Ethereum then propagates its state by verifying transactions are well-formed and applying then to accounts. Alice has a public/private key pair to manage her “externally owned account” and can sign transactions that involve her balance or involve interacting with other contracts in the state.

In addition to EOAs Ethereum has “contract accounts” which are controlled by the contract code associated with them. Every time the contract account receives a message the bytecode that is stored as an RLP encoded value in the account storage trie begins to execute according to the rules of the EVM.

Trilemma visit: what did we give up to add expressivity?

Every transaction still needs to be processed by every node in the network.
With the addition of world state storage the blockchain can “bloat” leading to centralization risk
Alice may pay $100 to use the money in her account

Full Node Size: ~700 GB

Archive Node Size: ~10 TB

Rollups

As demand for block space increases the cost to execute on Layer 1 (full consensus protocols e.g. Bitcoin, Ethereum) will become increasingly expensive, and until certain state expiry mechanisms are implemented we can expect the state of the L1 to continue to bloat over time. This will require an increasingly robust machine to maintain the state and subsequently verify the blocks.

Rollups are one solution in which business logic is executed and stored in a protocol outside the Ethereum context and then proves its successful execution in the Ethereum context.

Typically this involves compressing a larger number of transactions at this Layer 2 and committing the state diffs to a smart contract deployed on L1. For full interoperability with the L1 rollups also typically implement a messaging component for deposits and withdrawals.

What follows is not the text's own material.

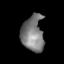
Tissue: lung
Cell type: T cells
Senescence score: 0.1352
Nuclear area (px): 782
Mean DAPI intensity: 123.322

There are currently two types of rollups that are being widely adopted:

Optimistic Rollups
Zero-Knowledge Rollups

Vitalik provides a good comparison of the two here, and touches on the final pieces of our long trilemma journey:

No matter how large the computation, the proof can very quickly be verified on-chain.

This allows Alice to move her money freely between L1 and L2 (…soon to be L3) and operate on a low-cost blockchain layer. It allows devs to freely deploy their business logic with the expressive and PROVABLE Cairo programming language. All while inheriting the highest form of data security evolution from the L1 and not having to delegate trust to any centralized party!